Alternatively, we can run the program on a sample input, such as in test_tsp_data-- take a look at it with cat test_tsp_data. Run it with this input file as a parameters:

    % ./tsp.py test_tsp_data
    num_cities solver mean_path_length soln_time
    51 gn 78052.83943359695 0.001081826686859131
    51 gc 81486.2765634988 0.0018710017204284668
    51 rr 72749.15233533758 0.04166923522949219
    51 rs 72749.15233533758 0.0372262978553772
    51 gn|rr 73700.41364973532 0.04255806922912598

Here the solver tried 5 different solvers, and we can see that rr and rs did the best (but took the longest!).

With this input/output knowledge, the python program is still a fancy black box. How do we decipher what is going on inside, so that we can understand/modify/improve/extend it? Open the file in vim, and we will work through deciphering what's going on inside.

Parallelizing code on the supercomputer

Let's pretend that you had access to a supercomputer cluster. If you had an algorithm that was computationally intensive-- such as this one-- you may want to run a set of simulations at once. For example, consider the 5 different input files in inputs; (in theory) running these sequentially on your computer could take a while, so instead we will run them on a fake supercomputer using the supercomputer submission script submit_template (this is for SLURM job-manager, but the moral contents of the file will be the same for any supercomputer scheduler). Examine the contents of this file

    % cat submit_template
    #!/bin/bash

    #SBATCH -D /u/as/jp/ehildenb/tsp/job.%j.%N.out
    #SBATCH -D /u/as/jp/ehildenb/tsp/
    #SBATCH -J {JOB_NAME}
    #SBATCH --get-user-env
    #SBATCH --clusters=mpp1
    #SBATCH --ntasks=1
    #SBATCH --export=NONE
    #SBATCH --time=48:00:00

    /home/YOURNAME/phs/week_4/tsp.py {INPUT_FILE}

To make this file work, replace YOURNAME with your proper address (check pwd in the directory that holds tsp.py).
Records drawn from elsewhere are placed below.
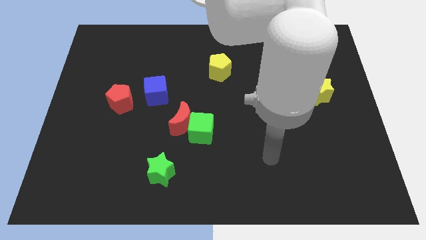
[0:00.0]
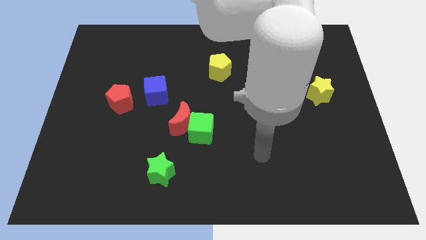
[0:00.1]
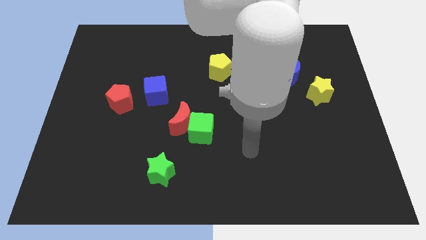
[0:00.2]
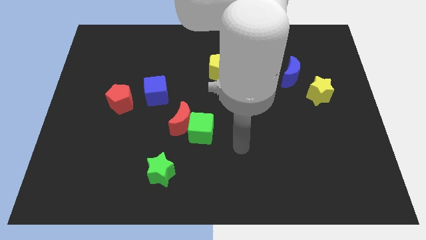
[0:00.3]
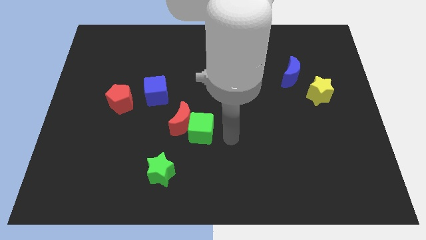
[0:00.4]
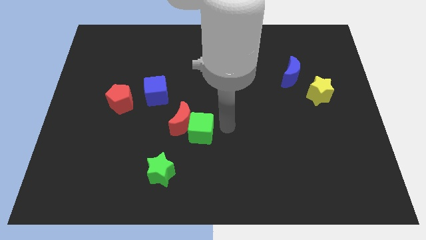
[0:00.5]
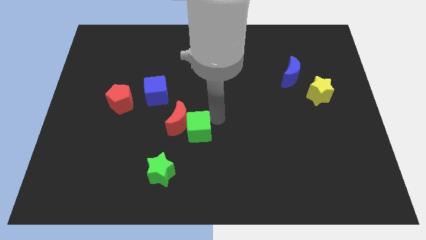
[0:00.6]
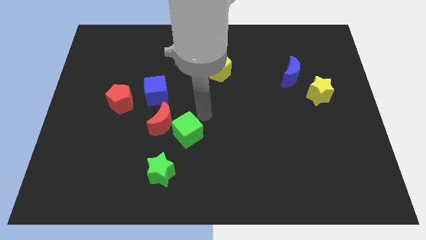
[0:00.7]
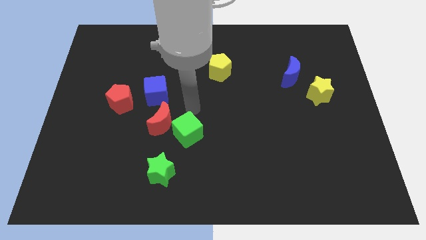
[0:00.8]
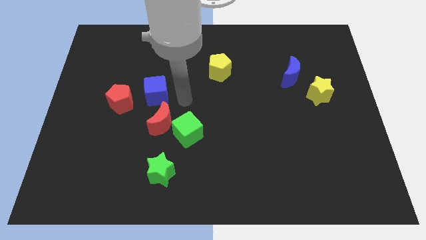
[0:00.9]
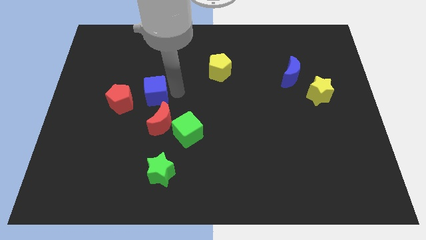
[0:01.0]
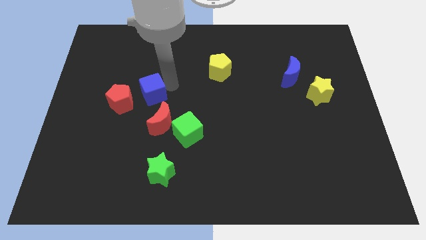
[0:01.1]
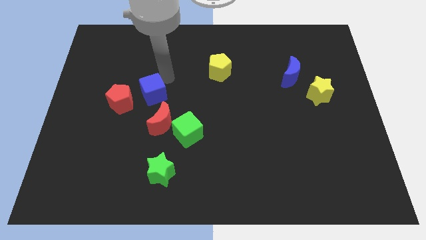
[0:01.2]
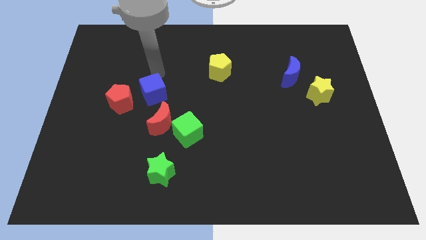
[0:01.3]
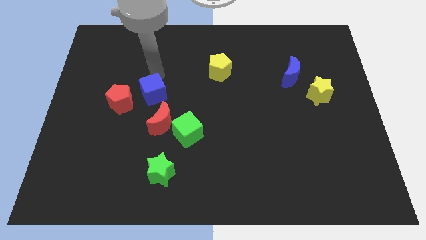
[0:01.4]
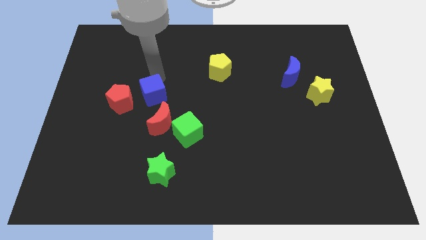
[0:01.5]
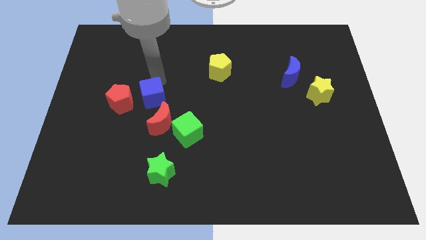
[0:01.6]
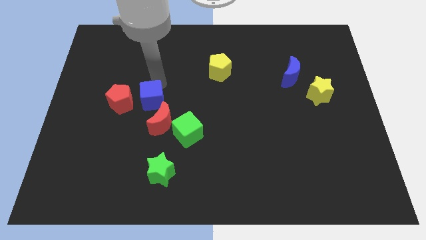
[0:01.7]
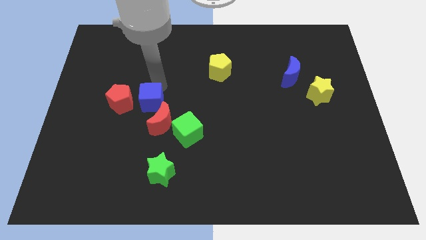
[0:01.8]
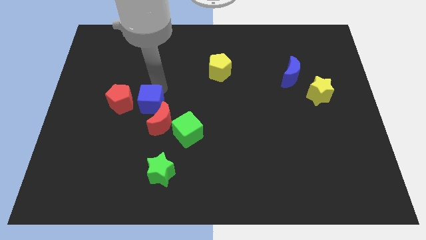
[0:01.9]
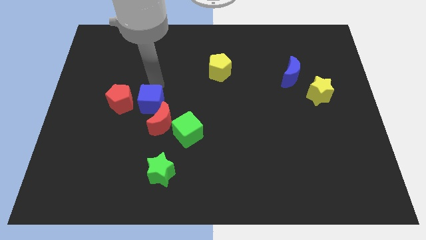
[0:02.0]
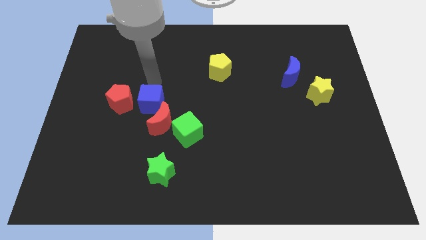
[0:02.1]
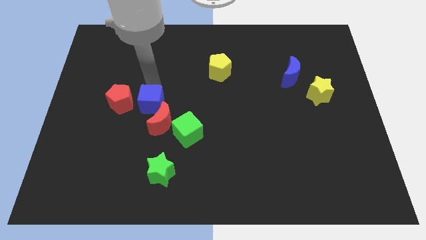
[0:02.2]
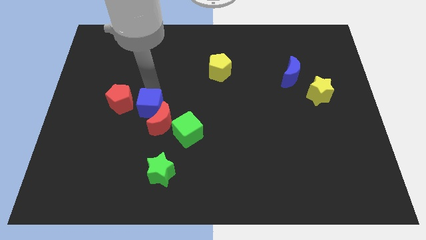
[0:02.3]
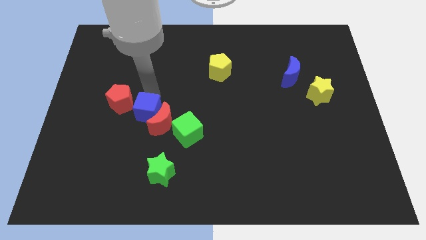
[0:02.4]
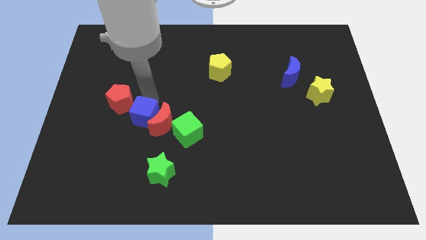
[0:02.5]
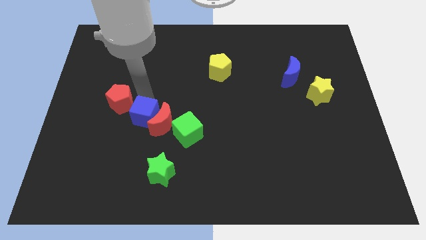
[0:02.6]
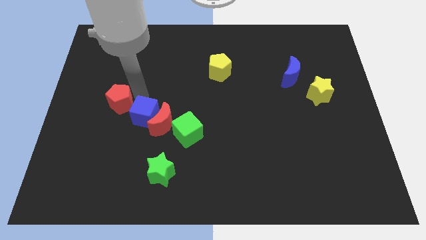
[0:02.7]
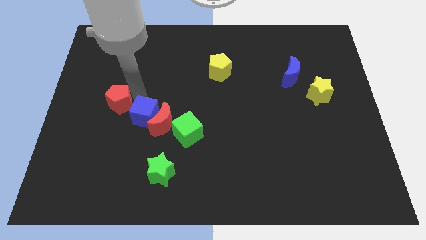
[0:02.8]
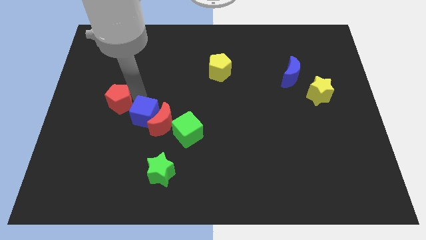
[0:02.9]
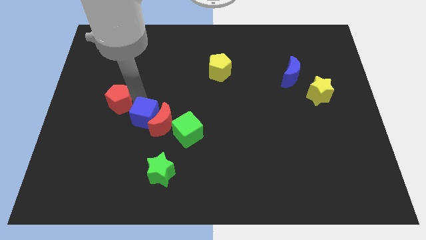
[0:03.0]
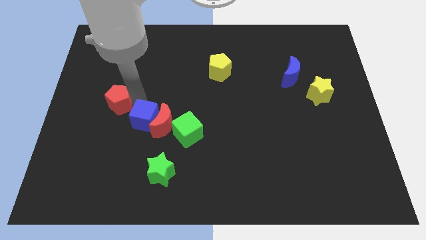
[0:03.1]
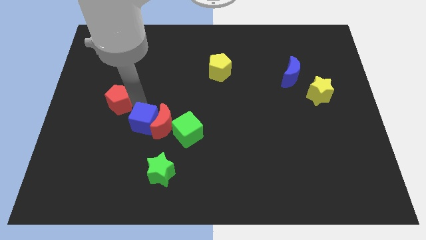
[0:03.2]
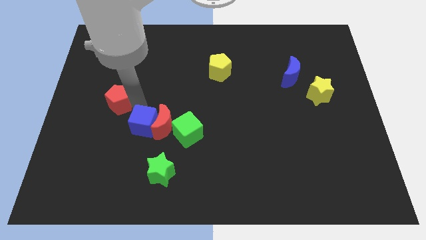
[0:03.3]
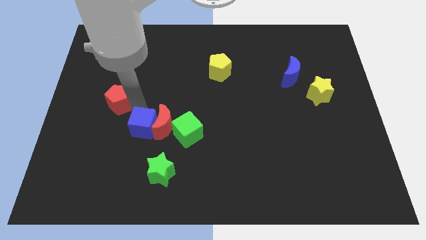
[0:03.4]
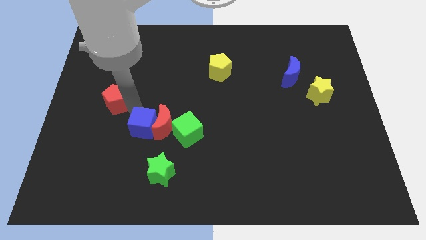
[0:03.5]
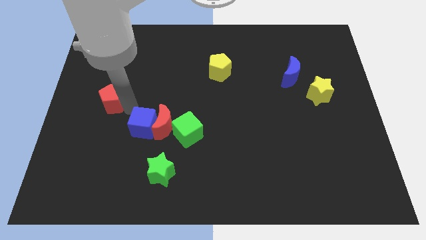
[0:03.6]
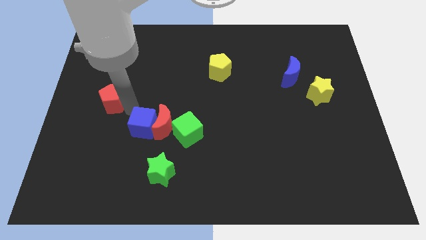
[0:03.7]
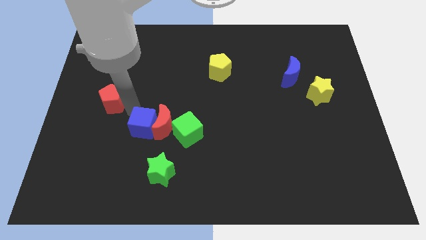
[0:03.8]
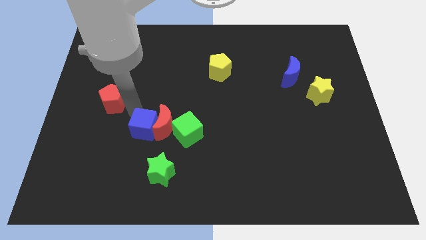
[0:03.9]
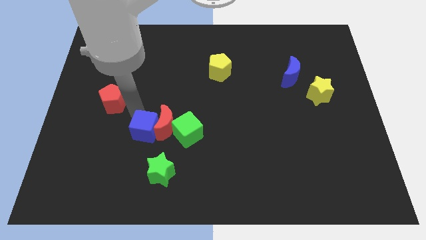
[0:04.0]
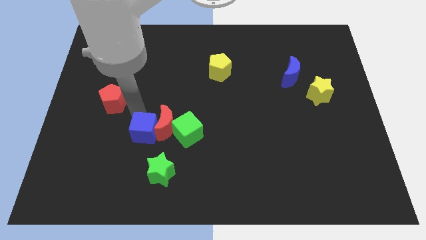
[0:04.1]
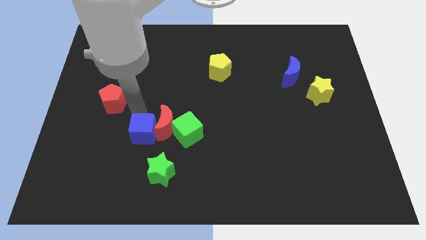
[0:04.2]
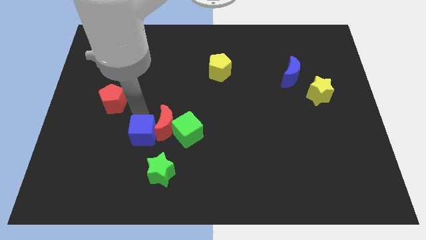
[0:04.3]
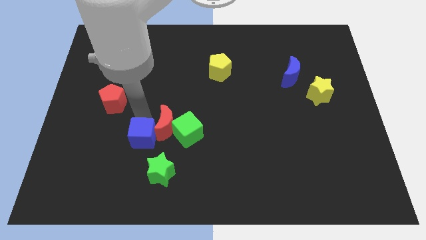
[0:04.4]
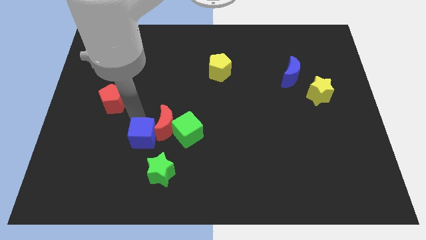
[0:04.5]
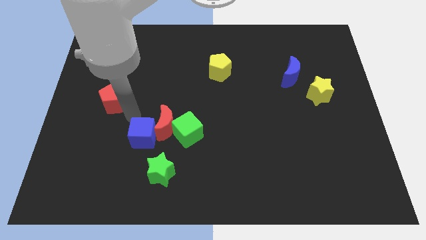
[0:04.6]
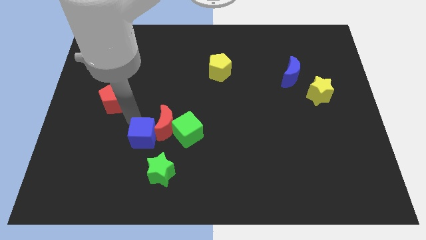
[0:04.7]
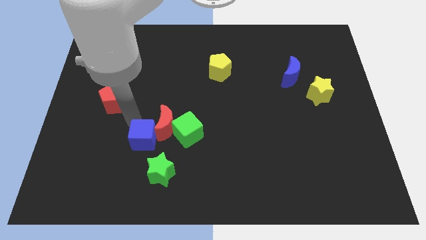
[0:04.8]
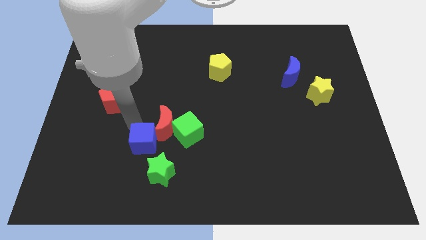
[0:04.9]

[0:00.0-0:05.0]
push the blue cube to the bottom of the red moon

This has two 'placeholder' fields that are INPUT_FILE and JOB_NAME that will be automatically replaced by their proper contents with the submit_multi script-- check out the sed commands in submit_multi:

    % cat submit_multi
    <-- MORE TEXT -->
     # Modify our submission file with the correct info
    sed -i 's/{JOB_NAME}/'"$input"'/' "$sub_file"
    sed -i 's!{INPUT_FILE}!'"$dir_name/$input"'!' "$sub_file"
    <-- MORE TEXT -->

These lines replace JOB_NAME by the variable $input, and replace INPUT_FILE by one of the input files in the inputs directory. Once you modify submit_template and ensure the path to tsp.py is correct, you can run the submit_multi script with ./submit_multi. In the resultant tsp_*.in folders, there are output files *.out that will give the shortest paths for each input file *.in. Therefore, you have successfully parallelized this code! The only difference on a supercomputer is that instead of bash submission_script.sh, you will run sbatch submission_script.sh which will run the program on the supercomputer on some explicitly specified way (described in the submit_template).

The end

Thanks for attending! If there is any extra time, we can discuss any lingering questions you might have.
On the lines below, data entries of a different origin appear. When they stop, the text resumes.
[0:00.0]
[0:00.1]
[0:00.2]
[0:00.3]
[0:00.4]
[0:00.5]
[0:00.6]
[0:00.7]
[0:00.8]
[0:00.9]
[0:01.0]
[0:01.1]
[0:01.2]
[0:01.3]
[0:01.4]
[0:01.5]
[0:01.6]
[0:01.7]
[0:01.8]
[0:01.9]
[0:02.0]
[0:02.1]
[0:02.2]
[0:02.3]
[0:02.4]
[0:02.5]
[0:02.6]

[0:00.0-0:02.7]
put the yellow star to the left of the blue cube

I hope you learned a bit of Linux and are comfortable working in the command line. I am planning on running these sessions again in the future-- would any of you be interested in attending and working as a helper in the future? What improvements would you like to see for the sessions? Are there topics you would like for me to cover in more detail? What were the most useful, and least useful things I did? Thanks for your time!